WASHINGTON (Reuters) - A heavyweight list of bankers and regulators will appear before a U.S. Senate committee this week in a probe into Wall Street's role in commodity markets and ahead of possible tougher rules from the Federal Reserve.

Markets will weigh every word from Federal Reserve Governor Daniel Tarullo, in charge of financial regulation at the central bank, which in January said it would come out with rules to rein in banks' activities in the market.

Tarullo will testify on Friday, the second of a two-day hearing of the Permanent Subcommittee on Investigations that will focus on banks' ownership of oil, natural gas and aluminum, the committee said on Monday.
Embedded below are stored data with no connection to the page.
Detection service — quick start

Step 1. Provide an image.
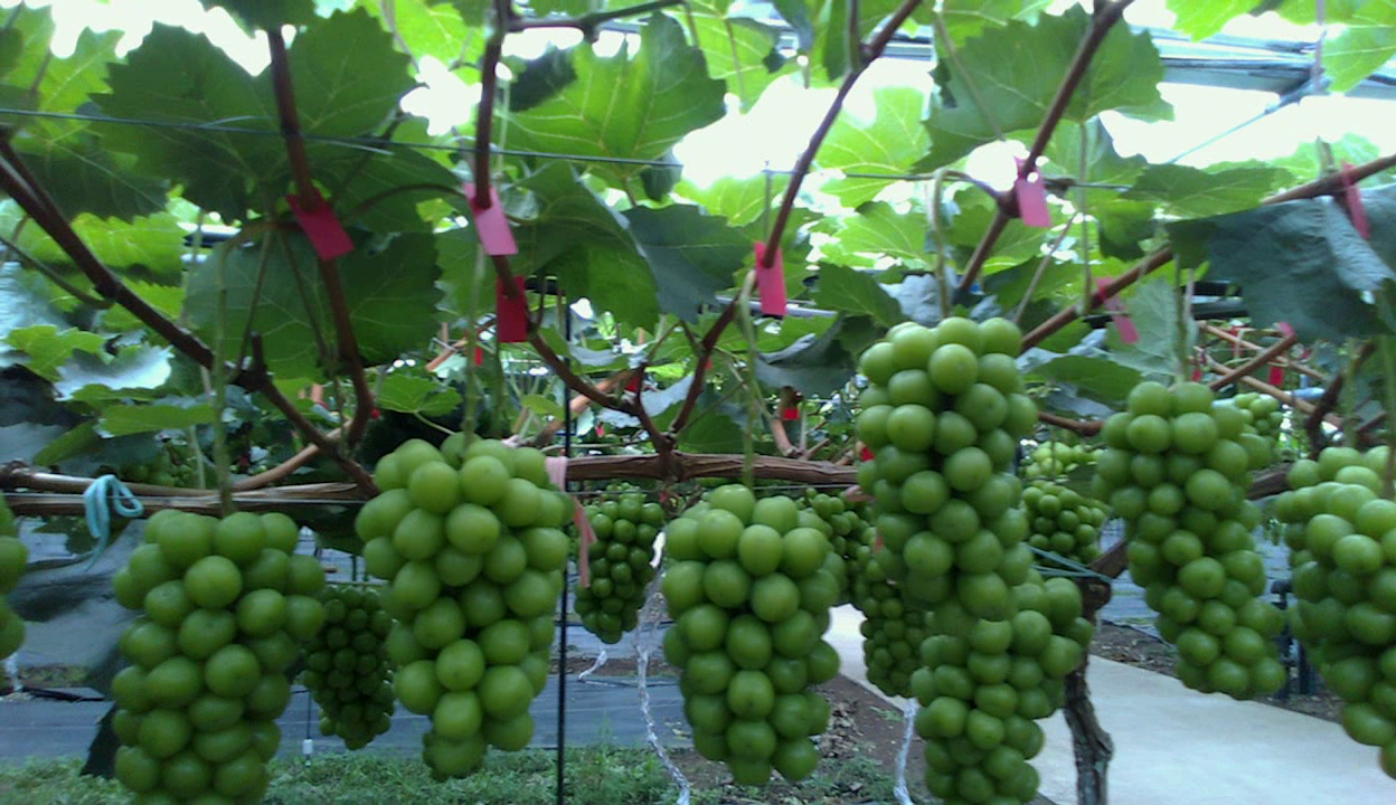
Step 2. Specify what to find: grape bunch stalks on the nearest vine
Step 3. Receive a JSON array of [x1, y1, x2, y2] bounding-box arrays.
[[462, 240, 487, 446], [1173, 255, 1191, 381], [737, 268, 757, 490], [928, 169, 968, 318], [211, 220, 305, 515]]
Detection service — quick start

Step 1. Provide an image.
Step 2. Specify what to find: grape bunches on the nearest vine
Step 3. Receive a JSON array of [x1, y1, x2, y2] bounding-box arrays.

The Senate has been looking into complaints that prices for raw materials such as aluminum are artificially high because of long waiting queues in metals warehouses, some of which are run by banks and commodity traders.
 


The Fed's announcement in January followed months of growing public and political pressure to check banks' decade-long expansion into commodities. The Fed also questioned the initial rationale for allowing them to trade and invest in raw materials and lease oil tanks or own power plants.

But it has so far not given any insight into measures it may be considering as a new policy.

On Thursday, speakers will include Christopher Wibbelman, the head of Goldman Sachs's warehousing unit Metro International Trade Services. It will be the first time an executive from the unit has spoken in public about the years-long controversy.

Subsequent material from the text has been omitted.